La memoria de Cordero en primera persona: la historia de Diego Alaimo

Llegó desde Italia siendo joven y, con los años, se formó como mecánico, paramédico y enfermero.

Por Juan Pablo Iozzia

Entre motores, chacras y memorias, Diego Alaimo es parte viva del pulso de Contralmirante Cordero. Llegó desde Italia siendo joven y, con los años, se formó como mecánico, paramédico y enfermero. En su voz se mezclan el olor a pasto cortado, el eco de los galpones de empaque y ese cariño sencillo por un pueblo que eligió como propio.

Ya es la segunda pava que baja del fuego, y el mate humea entre sus manos curtidas. Ahí, mientras se oyen pájaros y algún motor viejo acomodándose a la tarde, Diego empieza a desgranar su historia. “Nos quedamos en Cordero porque acá teníamos familiares y porque mi papá consiguió trabajo enseguida. A los 18 estudié mecánica, me recibí y arranqué a laburar. El lugar nos gustaba: estaba rodeado de chacras y trabajo no faltaba”, recuerda con una sonrisa que parece venir de otras temporadas de cosecha.

Los primeros años fueron de movimiento y abundancia. Las chacras respiraban vida; los galpones de empaque hervían de gente y el pueblo se llenaba de acentos que venían de todas partes. “En esa época llegaba mucha gente de Chile y de provincias como Entre Ríos, Corrientes o Tucumán. Había tanto trabajo que la mano local no alcanzaba”, cuenta. Hoy, sin embargo, la postal es otra: “Con el tiempo, muchas chacras fueron desapareciendo para dar lugar a viviendas, y la producción cayó. Eso me da tristeza. Lo ideal habría sido poblar la zona de bardas y mantener viva la producción”. Más allá de eso, enseguida rescata el corazón del lugar: “Lo que no cambió es el espíritu de pueblo chico, donde todos nos conocemos y nos saludamos. Eso sigue firme, y es lo más valioso”.

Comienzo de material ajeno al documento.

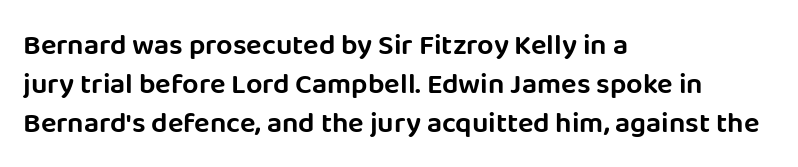
{"serif": "no", "italic": "no", "width": "normal", "stroke_contrast": "low", "x_height": "large", "monospaced": "no", "underline": "no", "align": "left", "line_spacing": "normal", "line_spacing_ratio": 1.34, "letter_spacing": "normal", "letter_spacing_em": 0.0, "glyph_px": 29}
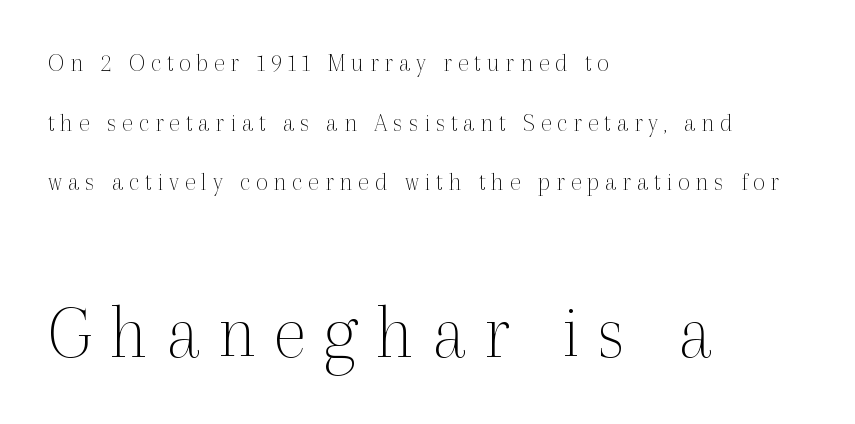
{"serif": "yes", "italic": "no", "bold": "no", "weight": "thin", "width": "normal", "x_height": "medium", "monospaced": "no", "underline": "no", "align": "left", "line_spacing": "loose", "line_spacing_ratio": 2.29, "letter_spacing": "wide", "letter_spacing_em": 0.22, "larger_block": "second", "size_ratio": 3.0, "glyph_px": 78}

El cariño que Diego siente por Cordero es profundo, de esos que se cosechan despacio. “La gente siempre nos trató muy bien. Más allá de las bromas de los chicos, nos recibieron con afecto y enseguida hicimos amigos. Era —y sigue siendo— un pueblo lleno de buena gente”, asegura. Pero también mira hacia atrás con cierta nostalgia el pasado productivo del pueblo: “Llegamos a tener seis galpones trabajando a pleno, y hoy solo queda uno, que funciona como cooperativa. El resto se vino abajo”. Su tono no es de queja: es la voz del que vio todo, y aún así sigue apostando.

A los 35 años decidió pegar un volantazo. “Me formé como paramédico y después como enfermero. A los 42 comencé a trabajar en un servicio de emergencias en Neuquén porque acá el trabajo era escaso.” Desde ahí, deja un mensaje claro para los que vienen: “Ojalá que las próximas generaciones recuperen la cultura del trabajo. Que haya empleo estable, que nadie tenga que irse. Cordero tiene todo para crecer: solo hace falta volver a creer en el esfuerzo y en el valor de la comunidad”.

Cordero cambió, sí. Pero Diego sigue firme, como esos árboles que vieron pasar tormentas, veranos y nuevas familias. Entre talleres que ya no suenan igual y chacras que quedaron en el recuerdo, conserva la esperanza de un pueblo que alguna vez fue sinónimo de esfuerzo y que todavía late, tozudo y noble, en cada vecino que decide quedarse.